I swallowed the tight pull in my throat in order to push the words out. “I just want to get the heck out of here, okay?”
He nodded and brushed his lips over my forehead, pulling me into his chest. His scent wrapped around me and lifted the dark cloud from my mood. I pushed him from me suddenly, remembering why it was that we were there in the first place.
“Please tell me you found them,” I asked with desperation.
“Maya is waiting for us, but…” His face fell. The laugh lines around his gorgeous eyes suddenly becoming folds of worry and deep sorrow.
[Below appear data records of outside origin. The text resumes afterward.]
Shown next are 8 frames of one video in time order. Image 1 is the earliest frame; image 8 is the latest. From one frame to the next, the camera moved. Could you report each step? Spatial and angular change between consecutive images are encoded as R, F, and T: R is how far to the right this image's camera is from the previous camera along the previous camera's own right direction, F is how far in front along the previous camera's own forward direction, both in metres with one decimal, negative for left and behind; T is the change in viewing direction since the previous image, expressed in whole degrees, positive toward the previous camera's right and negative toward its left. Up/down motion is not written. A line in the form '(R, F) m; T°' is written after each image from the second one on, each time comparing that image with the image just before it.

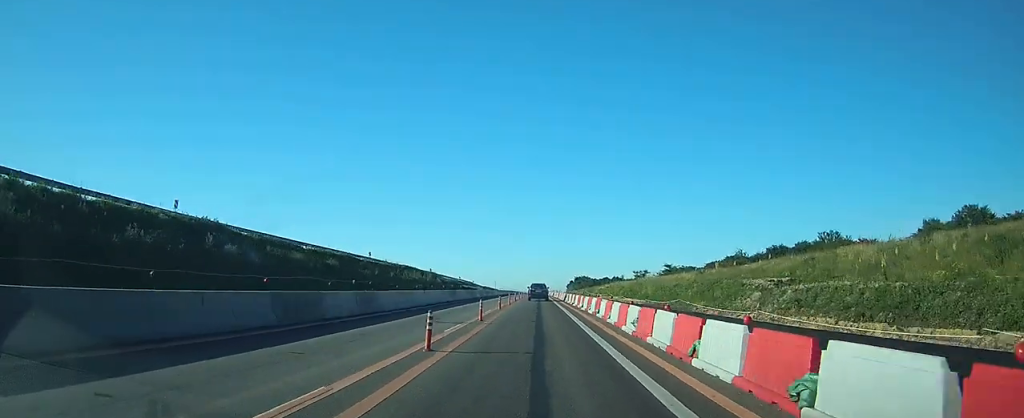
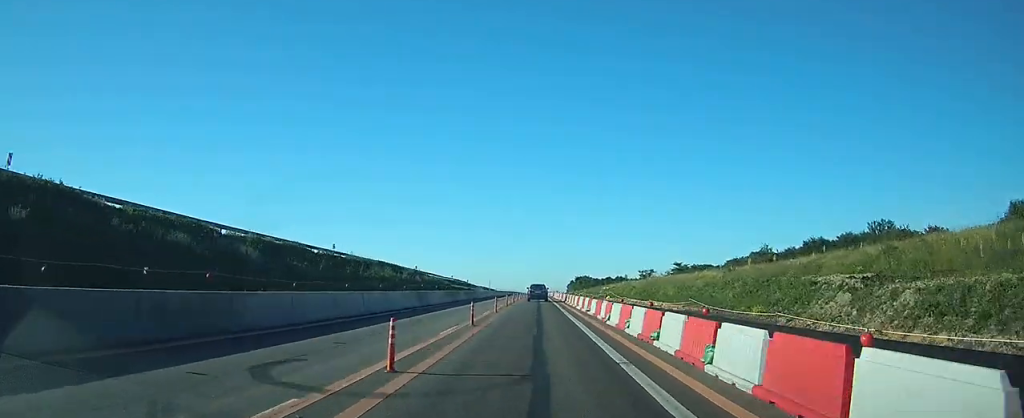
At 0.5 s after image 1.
(0.0, +12.8) m; 0°
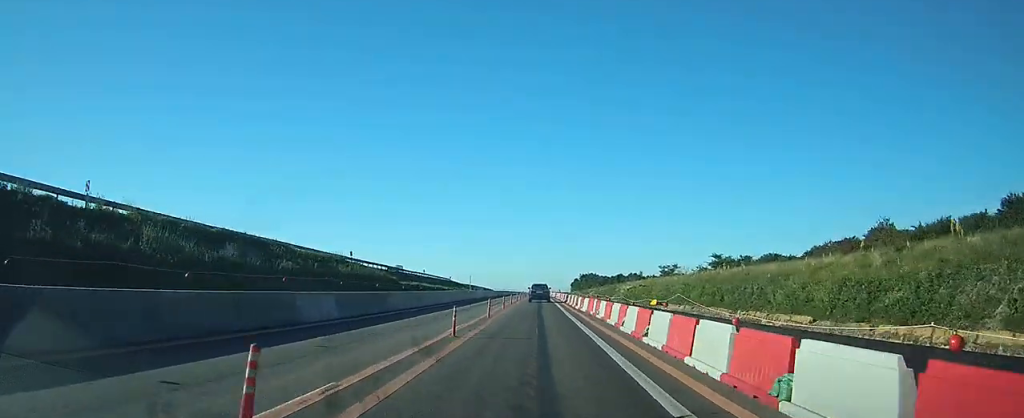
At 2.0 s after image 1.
(+0.1, +35.2) m; 0°
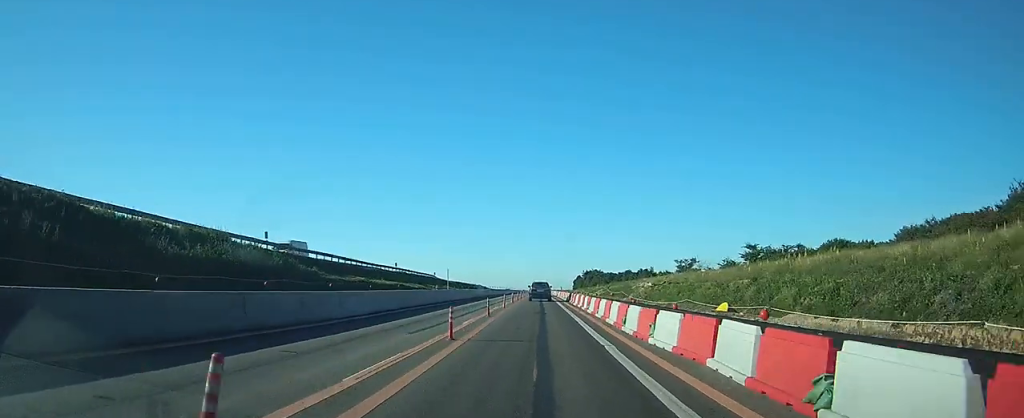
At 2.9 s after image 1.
(0.0, +20.9) m; 0°
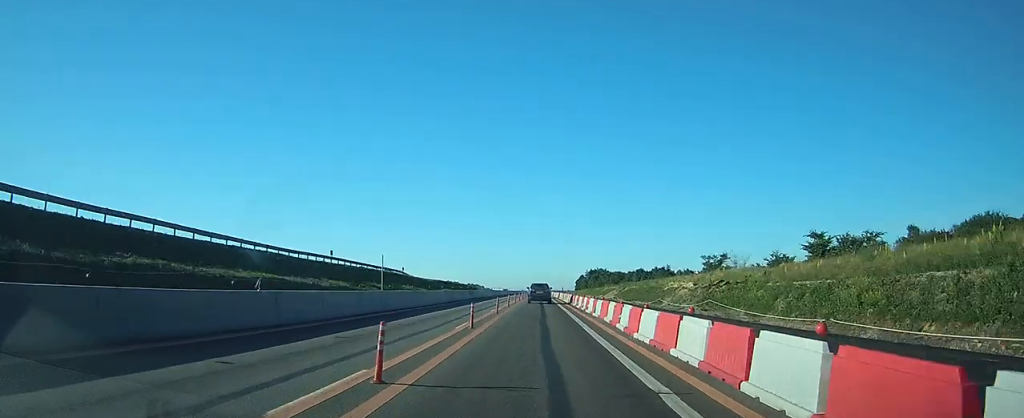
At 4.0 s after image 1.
(0.0, +26.4) m; 0°
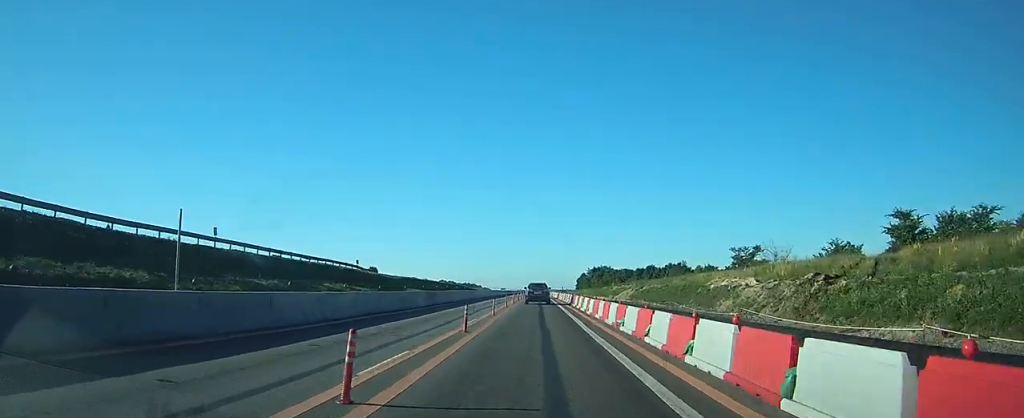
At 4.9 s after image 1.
(-0.1, +21.5) m; 0°
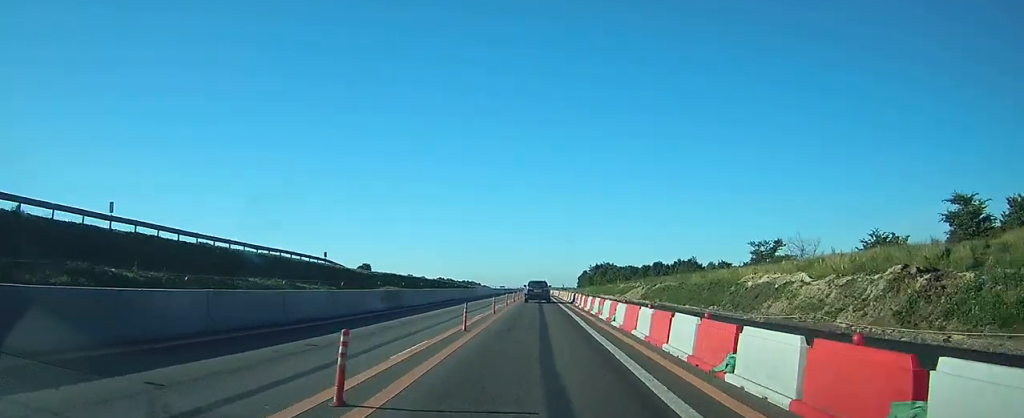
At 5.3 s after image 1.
(0.0, +10.2) m; 0°
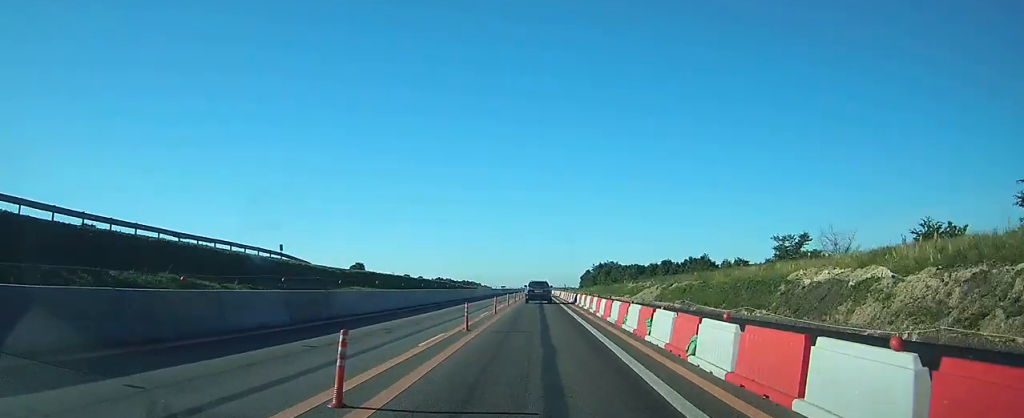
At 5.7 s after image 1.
(0.0, +10.2) m; 0°

My eyes searched his. “What?”
I need not have asked, the answer was evident in his tortured midnight glare as his eyes found mine. I covered my face with my hands, not sure what emotion I was experiencing at that very moment. It was too much, too many, and my
instinct
tore them away from me before I had a chance to feel the weight of it all.
“Come, let’s get out of here, your sister needs you right now,” he said, obviously seeing the change in me. I was not only losing the sensation of any feeling on my skin, but my instinct was so tuned on survival, it was determined to shut out any human emotion. I fought it, not wanting to go back to that lonely place.
“No, wait!” I pulled my hand out of his.
He turned. “There is nothing you can do – it’s done, I’m sorry, but you can’t fix this right now.”
“I… I…” I, what? I was blank. Arriana could not be dead.
He tied a rope around my waist and as he pulled it tighter around my hips, I lost my balance and fell into his embrace. He held me close to his chest once again, exhaling a deep, hurtful sigh. “Everything is going to be alright. I promise.”
He pulled us to the arch. “You first,” he said, motioning for me to go out the window.
I hesitated. “Now, Ava!” His face motionless.
I climbed through feet first, holding on to the stone frame beside me, one foot at a time, balancing on the ledge, staring down into the blackness. I couldn’t believe we were leaving Arriana behind. The star-speckled night air and the faint, yellow glow of the sand surrounding the entire stone fortress reminded me of where we were, but for a moment I didn’t remember getting there. I just remember being there.
“You better go, before I push you,” Troy’s voice brought me back.
“You wouldn…” But before I had a chance to finish my sentence, he pushed me from the window. I smiled as I went down, the rush of wind filling my lungs, pins and needles erupting from my chest all the way out. I screamed just before the ground came too close, but was yanked back by the rope. Troy was walking down the wall with a rope assisting his decent, along with a measure of extraordinary control. He gave me that gorgeous smirk as he reached my side, walking along casually.
“You could have killed me!” I yelled, while my body spun vertically above the fine, dusty, golden sand just inches away from my face. Troy used his feet to push himself from the side of the stone building and released the rope to drop down to the ground. The faint glow from the small fires burning against the outside of the building reflected in his black boots. He stared up at me with a naughty grin.